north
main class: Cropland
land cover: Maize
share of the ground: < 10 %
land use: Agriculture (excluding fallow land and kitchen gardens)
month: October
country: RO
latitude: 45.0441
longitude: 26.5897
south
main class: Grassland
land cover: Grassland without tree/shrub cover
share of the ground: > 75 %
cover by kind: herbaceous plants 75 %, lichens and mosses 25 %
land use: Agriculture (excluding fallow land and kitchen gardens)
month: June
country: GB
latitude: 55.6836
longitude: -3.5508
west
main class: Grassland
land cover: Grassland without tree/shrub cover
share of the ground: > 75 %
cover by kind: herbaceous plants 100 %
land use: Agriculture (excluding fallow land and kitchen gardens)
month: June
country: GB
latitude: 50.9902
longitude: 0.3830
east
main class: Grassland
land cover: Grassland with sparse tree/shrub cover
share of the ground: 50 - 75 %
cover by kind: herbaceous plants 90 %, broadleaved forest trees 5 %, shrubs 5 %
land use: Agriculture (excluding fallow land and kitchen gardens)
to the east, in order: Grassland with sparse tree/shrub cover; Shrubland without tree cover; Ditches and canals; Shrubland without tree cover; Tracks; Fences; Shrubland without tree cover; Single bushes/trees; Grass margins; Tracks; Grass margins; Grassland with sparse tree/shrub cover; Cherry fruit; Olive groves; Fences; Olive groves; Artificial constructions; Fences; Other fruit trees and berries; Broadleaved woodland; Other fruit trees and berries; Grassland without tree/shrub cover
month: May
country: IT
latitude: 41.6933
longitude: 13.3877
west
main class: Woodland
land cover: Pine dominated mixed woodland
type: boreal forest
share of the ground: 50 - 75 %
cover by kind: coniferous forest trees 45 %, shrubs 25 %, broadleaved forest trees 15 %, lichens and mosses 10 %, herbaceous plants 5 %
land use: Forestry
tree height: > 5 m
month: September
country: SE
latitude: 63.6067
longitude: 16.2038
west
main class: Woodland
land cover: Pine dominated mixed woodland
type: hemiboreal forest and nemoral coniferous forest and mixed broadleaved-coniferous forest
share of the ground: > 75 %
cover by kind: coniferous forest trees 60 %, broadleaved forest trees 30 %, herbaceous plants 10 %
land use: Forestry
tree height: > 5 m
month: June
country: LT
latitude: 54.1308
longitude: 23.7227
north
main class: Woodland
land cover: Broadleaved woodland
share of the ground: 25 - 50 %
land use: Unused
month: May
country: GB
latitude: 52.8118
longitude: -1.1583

## [YOUR OBJECTIVE]
Once you find the line with "main class: Cropland" above, print it and every line after it up to and including the line with "cover by kind: herbaceous plants 100 %", exactly as written and nothing else.

## [RESULT FOR THIS EXERCISE]
main class: Cropland
land cover: Maize
share of the ground: < 10 %
land use: Agriculture (excluding fallow land and kitchen gardens)
month: October
country: RO
latitude: 45.0441
longitude: 26.5897
south
main class: Grassland
land cover: Grassland without tree/shrub cover
share of the ground: > 75 %
cover by kind: herbaceous plants 75 %, lichens and mosses 25 %
land use: Agriculture (excluding fallow land and kitchen gardens)
month: June
country: GB
latitude: 55.6836
longitude: -3.5508
west
main class: Grassland
land cover: Grassland without tree/shrub cover
share of the ground: > 75 %
cover by kind: herbaceous plants 100 %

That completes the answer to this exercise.